Although IL-6 is known to play a prominent role in the pathogenesis and prognosis of ventricular electrical remodeling [33,34] and in the future development of ventricular arrhythmia events, the mechanisms underlying its action on cardiomyocytes and in the heart are relatively unexplored.

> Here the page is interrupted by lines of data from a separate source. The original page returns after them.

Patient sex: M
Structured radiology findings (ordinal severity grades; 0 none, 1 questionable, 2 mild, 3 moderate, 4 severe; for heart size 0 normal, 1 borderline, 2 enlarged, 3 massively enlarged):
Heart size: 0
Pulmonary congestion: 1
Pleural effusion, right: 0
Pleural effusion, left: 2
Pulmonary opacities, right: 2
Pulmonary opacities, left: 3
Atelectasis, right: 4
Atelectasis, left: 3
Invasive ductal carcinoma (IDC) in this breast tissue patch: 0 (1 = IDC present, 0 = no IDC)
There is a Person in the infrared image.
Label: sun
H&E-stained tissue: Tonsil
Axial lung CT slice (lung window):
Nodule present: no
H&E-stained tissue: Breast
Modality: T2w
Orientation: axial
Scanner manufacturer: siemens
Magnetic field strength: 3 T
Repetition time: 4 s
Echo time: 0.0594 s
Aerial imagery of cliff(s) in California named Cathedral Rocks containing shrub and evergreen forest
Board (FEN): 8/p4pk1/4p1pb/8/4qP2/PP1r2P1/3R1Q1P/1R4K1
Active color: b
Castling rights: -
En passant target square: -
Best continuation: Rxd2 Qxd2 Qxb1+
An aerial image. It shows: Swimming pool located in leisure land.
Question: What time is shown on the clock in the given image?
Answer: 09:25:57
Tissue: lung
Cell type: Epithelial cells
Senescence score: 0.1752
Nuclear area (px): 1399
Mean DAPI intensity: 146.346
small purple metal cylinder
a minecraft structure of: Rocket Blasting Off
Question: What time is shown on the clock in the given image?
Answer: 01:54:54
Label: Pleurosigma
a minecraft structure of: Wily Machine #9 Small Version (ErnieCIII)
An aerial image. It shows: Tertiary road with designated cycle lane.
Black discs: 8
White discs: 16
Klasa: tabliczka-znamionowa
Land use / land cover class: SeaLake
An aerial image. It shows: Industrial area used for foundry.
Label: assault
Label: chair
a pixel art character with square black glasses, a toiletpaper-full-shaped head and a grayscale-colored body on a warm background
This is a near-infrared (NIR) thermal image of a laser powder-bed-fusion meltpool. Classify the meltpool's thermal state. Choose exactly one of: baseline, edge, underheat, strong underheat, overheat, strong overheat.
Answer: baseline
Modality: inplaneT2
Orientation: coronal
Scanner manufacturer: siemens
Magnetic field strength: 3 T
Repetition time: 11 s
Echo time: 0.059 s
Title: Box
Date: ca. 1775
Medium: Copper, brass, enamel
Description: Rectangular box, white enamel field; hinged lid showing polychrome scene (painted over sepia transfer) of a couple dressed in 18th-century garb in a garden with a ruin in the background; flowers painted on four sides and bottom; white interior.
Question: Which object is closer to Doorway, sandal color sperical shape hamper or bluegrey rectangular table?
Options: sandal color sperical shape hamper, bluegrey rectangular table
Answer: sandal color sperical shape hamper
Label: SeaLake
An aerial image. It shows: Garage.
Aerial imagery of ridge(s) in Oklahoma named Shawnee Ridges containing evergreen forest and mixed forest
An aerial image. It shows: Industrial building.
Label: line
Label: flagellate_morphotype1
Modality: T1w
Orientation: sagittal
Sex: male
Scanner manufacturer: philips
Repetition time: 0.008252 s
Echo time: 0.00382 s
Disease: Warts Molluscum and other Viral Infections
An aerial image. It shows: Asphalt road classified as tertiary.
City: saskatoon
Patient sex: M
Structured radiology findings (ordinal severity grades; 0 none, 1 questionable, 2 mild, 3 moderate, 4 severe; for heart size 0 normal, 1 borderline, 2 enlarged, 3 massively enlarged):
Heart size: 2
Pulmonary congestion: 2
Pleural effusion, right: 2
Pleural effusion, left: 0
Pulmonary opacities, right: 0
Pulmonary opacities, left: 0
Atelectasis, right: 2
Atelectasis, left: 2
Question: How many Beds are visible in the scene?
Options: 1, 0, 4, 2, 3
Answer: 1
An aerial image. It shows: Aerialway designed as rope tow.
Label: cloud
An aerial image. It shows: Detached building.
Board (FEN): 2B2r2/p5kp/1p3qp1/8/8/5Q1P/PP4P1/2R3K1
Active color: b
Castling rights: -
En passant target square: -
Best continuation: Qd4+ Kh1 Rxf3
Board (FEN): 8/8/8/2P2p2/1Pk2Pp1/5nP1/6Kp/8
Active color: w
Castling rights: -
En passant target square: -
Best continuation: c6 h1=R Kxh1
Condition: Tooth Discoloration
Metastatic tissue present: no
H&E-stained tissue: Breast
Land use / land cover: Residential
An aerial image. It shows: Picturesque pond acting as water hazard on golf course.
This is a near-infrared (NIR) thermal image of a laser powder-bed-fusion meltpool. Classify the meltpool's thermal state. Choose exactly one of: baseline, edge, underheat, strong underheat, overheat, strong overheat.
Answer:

Previous studies have discovered that lipotoxicity is associated with an altered expression of JAK2 [55,56,57], suggesting its involvement in ventricular arrhythmogenesis. Although other studies have investigated how JAK2 modulates the Na_v1.6 channels in hippocampal CA1 pyramidal neurons [58]; the K_v1.3 channels in CHO-cells [59]; the BK [60], CIC-2 [61], and epithelial Na channels [62] in Xenopus oocytes; and the Ca current in MCF-7 breast carcinoma cells [63], how JAK2 modulates the rapidly activating delayed rectifier K current (I_Kr) in cardiomyocytes remains unknown.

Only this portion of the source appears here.